Thinking about porting some meshing code I wrote, but memory concerns me...

Hey All,

I have a GTX 460 which is limited to like 1023 MB of RAM on-board the card itself. The software I write is supposed to scale to be massively huge, spanning much more than just 1 GB.

Would it be a smart choice to port my code to CUDA? My code scales well with parallelization (the more threads the better) but I’m concerned that the latency between the GPU and system RAM might offset any sort of parallelization benefits.

In your experience, has this been the case?

The usual strategy to mitigate latency is to overlap the transfer of one block of data with the processing of the previous block. I’m not sure what algorithm you are working with, but if you can process one block of data while transferring another one, that could be a useful technique. The GTX 400 cards have one DMA engine, so you should be able to at least overlap transfer in one direction with processing.
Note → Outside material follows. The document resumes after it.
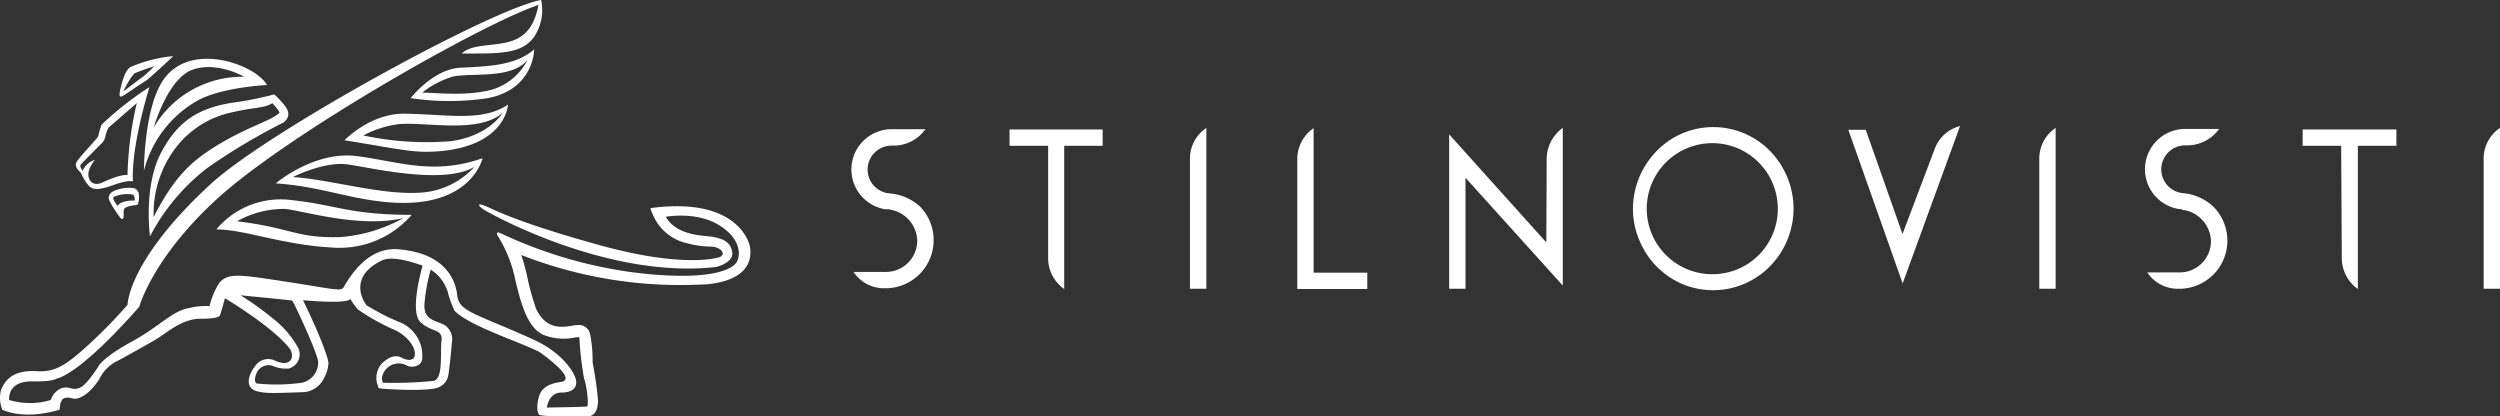 <svg xmlns="http://www.w3.org/2000/svg" viewBox="0 0 295.31 49.15"><rect x="0" y="0" width="295.31" height="49.15" fill="#333333" stroke="none"/><defs><style>.cls-1{fill:#fff;}</style></defs><title>10</title><g id="Warstwa_2" data-name="Warstwa 2"><g id="Warstwa_1-2" data-name="Warstwa 1"><g id="Group_30" data-name="Group 30"><g id="Group_18" data-name="Group 18"><path id="Path_22" data-name="Path 22" class="cls-1" d="M105.3,22.87l-.56-.07a2.83,2.83,0,0,1,.64-5.6h.23a4.62,4.62,0,0,0,3.71-1.94h-3.94a4.76,4.76,0,0,0-.8,9.46l.2,0,.19,0,.38.08a3.84,3.84,0,0,1,3,3.62,3.7,3.7,0,0,1-3.7,3.7h-3.83a4.32,4.32,0,0,0,3.6,1.93,1.27,1.27,0,0,1,.34,0,5.69,5.69,0,0,0,3.9-9.67A6,6,0,0,0,105.3,22.87Z"/><path id="Path_23" data-name="Path 23" class="cls-1" d="M123.81,30.4a4.44,4.44,0,0,0,1.9,3.74V17.22h4.54V15.29h-11v1.93h4.56Z"/><path id="Path_24" data-name="Path 24" class="cls-1" d="M140.56,18.77V34.11h1.94v-19A4.36,4.36,0,0,0,140.56,18.77Z"/><path id="Path_25" data-name="Path 25" class="cls-1" d="M155.17,15.14a4.43,4.43,0,0,0-1.93,3.69V34.14h8.27V32.21h-6.34Z"/><path id="Path_26" data-name="Path 26" class="cls-1" d="M182.66,28.64,171.18,15.87V34.11h1.93V21L184.6,33.73V15.11a4.53,4.53,0,0,0-1.9,3.69Z"/><path id="Path_27" data-name="Path 27" class="cls-1" d="M209.11,17.86a9.39,9.39,0,0,0-10.45-2.08,9.41,9.41,0,0,0-3,2.09,9.82,9.82,0,0,0-2.77,6.77,9.44,9.44,0,0,0,.76,3.74,9.55,9.55,0,0,0,5,5.14,9.41,9.41,0,0,0,10.45-2.09,9.72,9.72,0,0,0,2.76-6.8A9.79,9.79,0,0,0,209.11,17.86Zm-6.74,14.53A7.74,7.74,0,1,1,210,24.56v.07a7.71,7.71,0,0,1-7.65,7.76Z"/><path id="Path_28" data-name="Path 28" class="cls-1" d="M224.73,27.64l-4.34-12.31h-2.06l6.42,18.15,6.78-18.59a4.3,4.3,0,0,0-3,2.72Z"/><path id="Path_29" data-name="Path 29" class="cls-1" d="M240.89,18.77V34.11h1.93v-19A4.35,4.35,0,0,0,240.89,18.77Z"/><path id="Path_30" data-name="Path 30" class="cls-1" d="M257.78,24.78l.39.07a3.85,3.85,0,0,1,3,3.63,3.7,3.7,0,0,1-3.7,3.7h-3.82a4.3,4.3,0,0,0,3.59,1.93,2,2,0,0,1,.34,0,5.69,5.69,0,0,0,3.9-9.67,6,6,0,0,0-3.37-1.6,5,5,0,0,1-.56-.07,2.83,2.83,0,0,1,.63-5.6h.24a4.63,4.63,0,0,0,3.71-1.94h-3.95a4.76,4.76,0,0,0-.8,9.46l.2,0Z"/><path id="Path_31" data-name="Path 31" class="cls-1" d="M276.62,30.4a4.5,4.5,0,0,0,1.9,3.74V17.22h4.55V15.29H272v1.93h4.55Z"/><path id="Path_32" data-name="Path 32" class="cls-1" d="M293.38,18.77V34.11h1.93v-19A4.35,4.35,0,0,0,293.38,18.77Z"/></g><g id="Group_29" data-name="Group 29"><g id="Group_19" data-name="Group 19"><path id="Path_33" data-name="Path 33" class="cls-1" d="M19.2,9.58C17,12.94,17,20.18,17,20.18a13.24,13.24,0,0,1,6.54-8.41c2.92-1.49,8-1.73,8-1.73C30.12,7.56,22.31,4.76,19.2,9.58Zm-1.05,5.49s1.66-5.79,4.58-6.83,6.12.83,6.12.83a12.12,12.12,0,0,0-10.7,6Z"/></g><g id="Group_20" data-name="Group 20"><path id="Path_34" data-name="Path 34" class="cls-1" d="M33.51,12.32a12.21,12.21,0,0,0-1.11-1.17,40.07,40.07,0,0,1-5.08,1c-3.62.62-6.24,1.93-8.32,5.94s-1.28,9.83-1.28,9.83a24.44,24.44,0,0,1,6.77-8.08,72,72,0,0,1,9-5.37C34.24,13.87,34.25,13.18,33.51,12.32Zm-.49,1c-1.13,1.08-4.17,1.7-8.37,4.49-2.52,1.68-4.36,3.65-6.5,7.82a12.77,12.77,0,0,1,3.23-8.92,11.31,11.31,0,0,1,5.5-3.32c3.37-.82,4.15-.53,5.3-1.2C32.17,12.17,33.1,13.23,33,13.31Z"/></g><g id="Group_21" data-name="Group 21"><path id="Path_35" data-name="Path 35" class="cls-1" d="M88.58,29.1s-1.08-5.94-11.71-4.52c0,0-.12,0,.19.62a5.69,5.69,0,0,0,3.85,3.47,11.94,11.94,0,0,0,3,.46c1.31,0,2,1,.94,1.29s-5.33.94-13.94-1.44-11.72-3.79-13.3-4.53c0,0-.93-.42-1-.26s.34.46.73.69S71.62,33,84.57,31.54c0,0,2.16-.48,1.92-1.8S85.18,28.2,84.34,28s-4.32,0-5.7-2.39c0,0,3.62-.69,6.32,1S87.46,30.25,87,31s-3,2.29-11.93,1.21a53.17,53.17,0,0,1-16-4.69s-.52-.25-.33.25A15.72,15.72,0,0,1,60.86,33c.77,3.39,1.62,5.78,3.32,6.55a6.48,6.48,0,0,0,3.77.31c.26,0,.46-.13.49.05A38,38,0,0,0,69,44.76c.3.68.59,3.18.34,3.25s-4.74.13-4.74.13.19-1.77,1.73-1.77,2-.84,1.6-1.84S66.09,41.45,62.77,40C55.9,36.91,54.2,36.81,54,34.82c-.17-1.61-1.3-4.8-6.61-5.34-2.89-.39-5.08,1.45-6.81,4.47-.3.51-1.39.15-6.94-.7s-6.68-1-7.72.14a9,9,0,0,0-1.17,2.77,8,8,0,0,0-2.43.23c-2,.34-3.53,2.22-6.82,4-3.64,2-3.94,3-3.94,3C10.1,45.55,9.62,45.83,9,45.92s-.92-.34-1.79-.05A2.27,2.27,0,0,0,6,47.25a8.59,8.59,0,0,1-4.92,0c-.05-1,.47-2.25,2.78-2.2s2.79-.31,2.79-.31c3.23-.84,9.81-8.52,9.81-8.52S18,30.45,25.73,23.41C34.32,15.63,57.15,2.73,63.61.58c-.92,4.88-4.07,4.42-7,4.89-1.66.27-2.05.85-2.05.85,4.38,0,6.94.11,8.48-1.89A5.7,5.7,0,0,0,63.92,0c-5.7,1-32.23,15.5-39,21.71C15.07,30.77,15.07,36,15.07,36a58.2,58.2,0,0,1-5.78,5.76c-1.73,1.45-2.95,2.2-4.86,2.09C1.35,43.65.58,45.06.14,46a3.7,3.7,0,0,0,.13,2.39s2.39,1.31,6.78,0c0,0,0-1.22.58-1.37s.77.08,1.27.08,1.7-.53,2.85-2.35A4.55,4.55,0,0,1,14,42.57c1.41-.77,3.63-2,4.57-2.57,1.38-.89,2.85-2.2,4.89-2.35,0,0,2.34.08,2.53-.42s.58-2,.58-2,5.82,3.46,7.73,6.06c0,0,.75,1.38-.7,1.61a3.49,3.49,0,0,1-1.22-.35,1.85,1.85,0,0,0-2.07.47c-.86,1-1.38,2.42-.4,3,0,0,.4.39,2.31.4,1.33,0,3.82-.11,3.82-.11a2.91,2.91,0,0,0,2.25-1.68A4.06,4.06,0,0,0,38.79,43s.15-.23-.76-2.54-2.24-5-2.24-5,5.14.5,5.6-.14a8,8,0,0,0,.87,1.22,25.51,25.51,0,0,0,4.45,2.48c1.68.81,2.72,2.49,2.14,3.3,0,0-.4.46-1.39-.06s-1.85.23-2.31.63a2.55,2.55,0,0,0-.45,2.83l0,.06s-.18.06.34.12,5.67.4,6.82-.17,1.1-1.45,1.22-2.32.34-3.35.34-3.35a2,2,0,0,0-.92-1.67c-.93-.52-2.44-.53-2.37-2.37a21.09,21.09,0,0,1,.75-4.17,4.77,4.77,0,0,1,2,2.6,12.67,12.67,0,0,0,.81,2.26c1.79,1.81,7.46,3.58,10,4.85,0,0,4.65,3.2,2.6,3.55-.8.13-2.31.34-2.68,1.91S63.7,49,63.7,49s.29.28,5.84.18c0,0,1.1,0,1.1-1.89A44.31,44.31,0,0,0,70,42.79a15.73,15.73,0,0,0-.29-3.29,1.34,1.34,0,0,0-1.55-1.09l-.18,0c-1.21.18-3.41.81-4.68-2a31.54,31.54,0,0,1-.93-3.29,22.93,22.93,0,0,0-.8-3,51.46,51.46,0,0,0,21,3.5S89.35,33.76,88.58,29.1Zm-51,13.72a2.43,2.43,0,0,1-1.92,2.39,21.61,21.61,0,0,1-5.39.08s-.37-.3.06-1.26a1.55,1.55,0,0,1,1.8-.84,4,4,0,0,0,2,.34,1.75,1.75,0,0,0,1.2-2.17,1.46,1.46,0,0,0-.16-.36,11.35,11.35,0,0,0-3-3.43,34.28,34.28,0,0,0-3.76-2.69s5.91.58,6.08.62S37.64,42,37.59,42.82Zm14.57-2.54c-.16,1.46.21,4.42-.9,4.71a46.78,46.78,0,0,1-6,.22,1,1,0,0,1-.07-.85,2,2,0,0,1,2.92-1.16c.71.3,1.78,0,1.78-.92A4.27,4.27,0,0,0,47.07,38a26.09,26.09,0,0,1-3.79-1.95c-.9-1.27-1.54-3.64,1.79-5.26,1.24-.6,3.43.1,4.85.59,0,0-1.62,5.47-.23,6.7S52.31,38.81,52.16,40.28Z"/></g><g id="Group_22" data-name="Group 22"><path id="Path_36" data-name="Path 36" class="cls-1" d="M17.66,10.28A37.89,37.89,0,0,0,12,14.73a10,10,0,0,0-.39,1.32.83.83,0,0,1-.2.32c-1,1.14-2.06,2.27-2.35,2.74-.38.63.42,1.17.53,1.36a5.43,5.43,0,0,0,1,1.58c.51.41,1.27.37,2.92-.23s2.19-.39,2.19-.39C15.49,17.12,17.66,10.28,17.66,10.28ZM15.06,20.7s-.34-.16-1.68.32-1.51.78-2.14.69-1.22-1-.39-2.31c.17-.29.34-.47.36-.52a2.34,2.34,0,0,0-1.46,1.31s-.37-.54-.23-.72,2.18-2.23,2.34-2.4a1.61,1.61,0,0,0,.57-.87,3.48,3.48,0,0,1,.41-1.13c.17-.16,3.32-2.89,3.32-2.89a41.43,41.43,0,0,0-1.1,8.52Z"/></g><g id="Group_23" data-name="Group 23"><path id="Path_37" data-name="Path 37" class="cls-1" d="M15.46,7.9c-.65.31-1,1.64-1.2,2.47-.26,1-.07,1-.07,1,.16.23.91-.5,3-1.8.47-.29,3.28-2.94,3.28-2.94A16.38,16.38,0,0,0,15.46,7.9Zm1.4,1.17-2.28,1.72a9.62,9.62,0,0,1,1.27-2.11,23.1,23.1,0,0,1,2.29-.82l.05,0s-1,1-1.33,1.23Z"/></g><g id="Group_24" data-name="Group 24"><path id="Path_38" data-name="Path 38" class="cls-1" d="M16.4,23a.82.82,0,0,0-.6-.78,4.47,4.47,0,0,0-2.37.35c-.59.29-.58.72-.58.72-.12.46,1.27,2.31,1.27,2.31s.14.29.35.26.11-.61.16-1.07,1.43-.56,1.56-.58S16.47,23.58,16.4,23Zm-.49.69s-1.68-.06-2,.64c0,0-.73-.84-.47-1.07A3.82,3.82,0,0,1,15.74,23a.92.92,0,0,1,.17.66Z"/></g><g id="Group_25" data-name="Group 25"><path id="Path_39" data-name="Path 39" class="cls-1" d="M34.55,23.65a9.91,9.91,0,0,0-9,3.45c3.31,0,7.8,1.81,13.54,2.13a11.28,11.28,0,0,0,9.54-3.85C41.26,25.37,39.65,24.19,34.55,23.65ZM40.34,28C35,28.18,34.45,26.91,28,26.14a11.24,11.24,0,0,1,5.66-1.46c2.1.19,8.79,2.3,14,1.08A18.41,18.41,0,0,1,40.34,28Z"/></g><g id="Group_26" data-name="Group 26"><path id="Path_40" data-name="Path 40" class="cls-1" d="M42.23,18.45c-5.09-.69-9.65,3.21-9.65,3.21,5.55.38,8.94,2,14,2.28C55.75,24.43,57,18.69,57,18.69,51.21,20.7,47.31,19.13,42.23,18.45Zm7.15,4.32C44.86,23,39,21.21,34.6,20.91c0,0,3.47-1.76,6.19-1.52,2.1.19,11.5,2.62,15.27.3a9.39,9.39,0,0,1-6.68,3.08Z"/></g><g id="Group_27" data-name="Group 27"><path id="Path_41" data-name="Path 41" class="cls-1" d="M47.82,13.43c-4.06-.07-7.13,3.14-7.13,3.14,6.77,1.09,8.1,1.5,10.86,1.32,8.23-.55,8.46-5.53,8.46-5.53C56.9,14.41,53,13.51,47.82,13.43Zm4.94,3.28A35.35,35.35,0,0,1,42.92,16a12,12,0,0,1,4.33-1.35c3.44-.21,9.32,1.11,12.13-1.32,0,0-1.73,2.94-6.62,3.4Z"/></g><g id="Group_28" data-name="Group 28"><path id="Path_42" data-name="Path 42" class="cls-1" d="M54.4,8c-3.23.15-5.89,3.59-5.89,3.59a30.37,30.37,0,0,0,9.13,0c5.48-1.07,5.46-5.77,5.46-5.77C60.9,7.79,57.56,7.83,54.4,8ZM58,10.62c-2.77.68-5.44.42-8.12.31a11.15,11.15,0,0,1,3.56-1.87c2.22-.51,7,.35,8.88-2A6.93,6.93,0,0,1,58,10.62Z"/></g></g></g></g></g></svg>

If double-buffering is not possible, you can still see some improvement if you can organize your data such that frequently accessed items are in GPU memory and infrequently used items are in pagelocked CPU memory. I used that trick as a fall-back method when working with a large bounding volume hierarchy. I put as many intermediate nodes on the GPU as possible, and kept rest on the CPU. Given the relatively small size of the GPU cache, you probably don’t get many cache hits when trying to read the CPU memory, but I haven’t studied this. I also haven’t studied (for lack of suitable motherboard) if CPU memory access over PCI-Express 3.0 has better latency the PCI-E 2.0.

If it looks like the GTX 460 is too limiting for your use case, the GTX 750 Ti has more compute power, twice the memory, a 4x larger L2 cache, PCI-Express 3.0 and half the power draw for $150.

If it wouldn’t be too much trouble, do you have any example code (pseudo-code will do nicely, as well) of processing one block of data while transferring another one?